**Exercise:**
Could you transcribe every record below exactly, leaving out any pictures?

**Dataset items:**
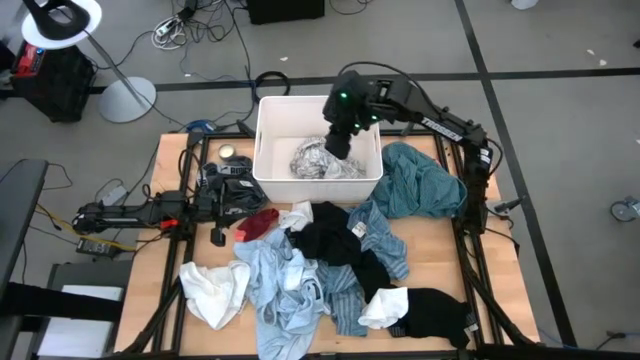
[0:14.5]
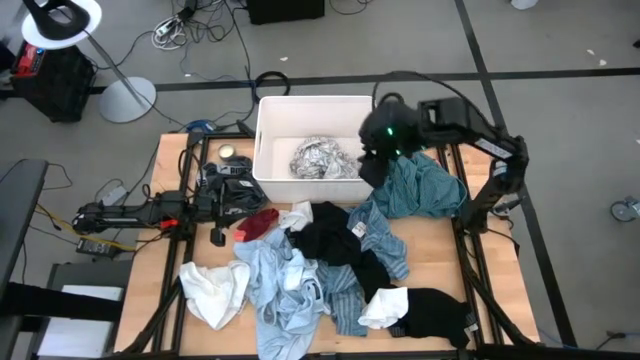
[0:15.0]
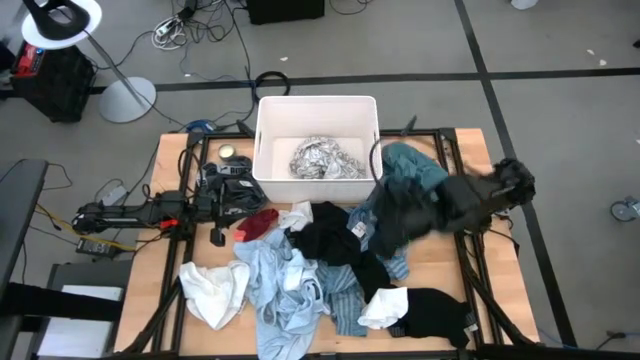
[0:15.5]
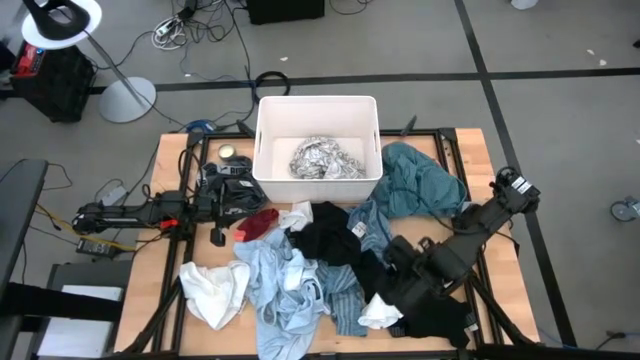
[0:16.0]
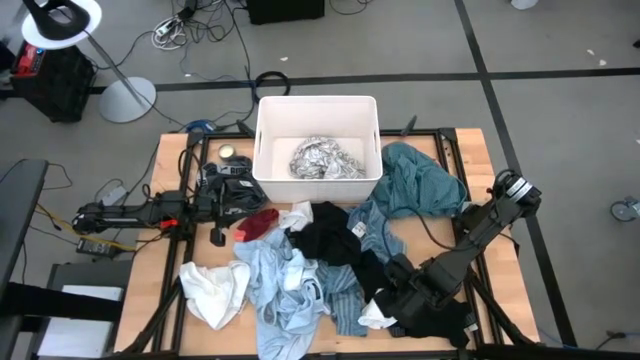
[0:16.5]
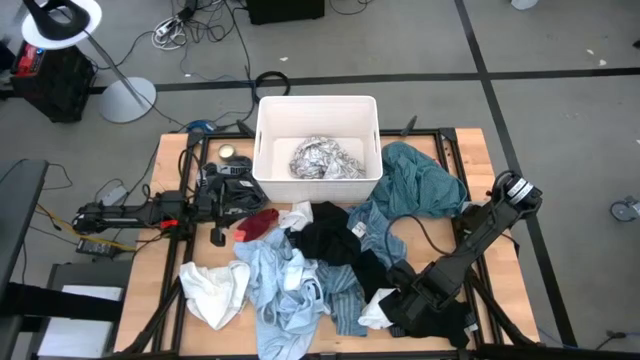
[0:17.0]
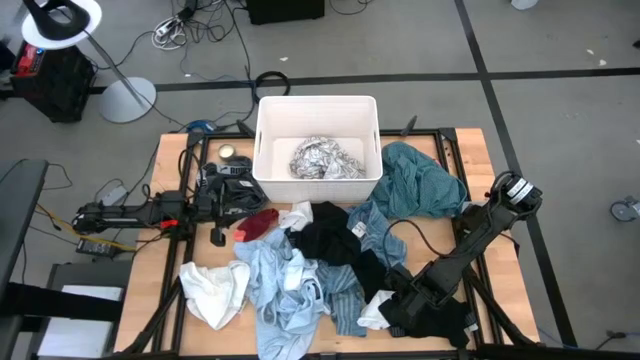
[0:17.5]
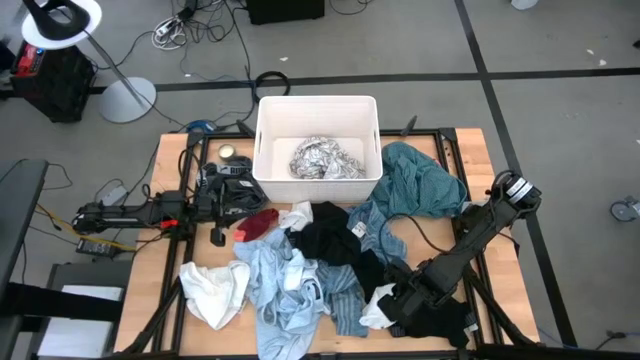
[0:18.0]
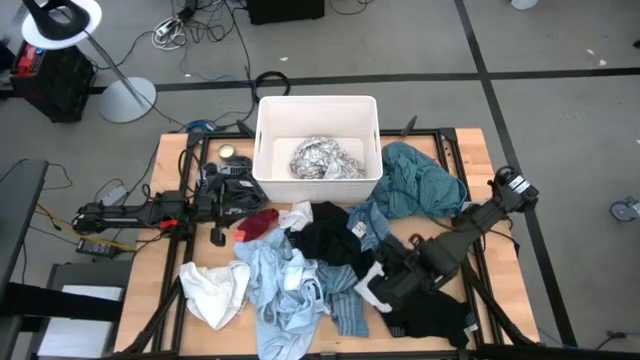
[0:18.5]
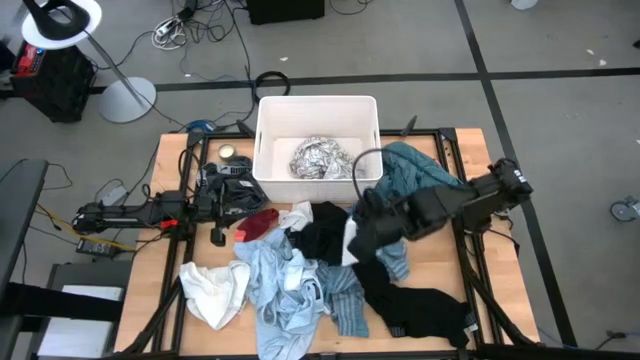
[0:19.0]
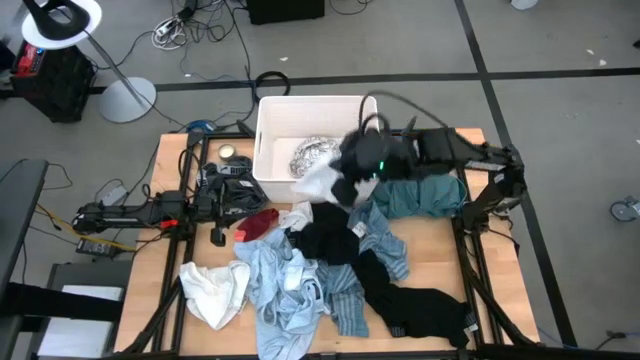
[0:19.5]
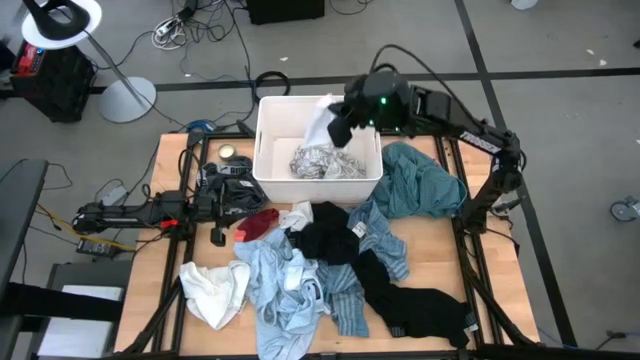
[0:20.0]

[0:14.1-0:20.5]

**Answer box:**
[0:14.5]
[0:15.0]
[0:15.5]
[0:16.0]
[0:16.5]
[0:17.0]
[0:17.5]
[0:18.0]
[0:18.5]
[0:19.0]
[0:19.5]
[0:20.0]

[0:14.1-0:20.5]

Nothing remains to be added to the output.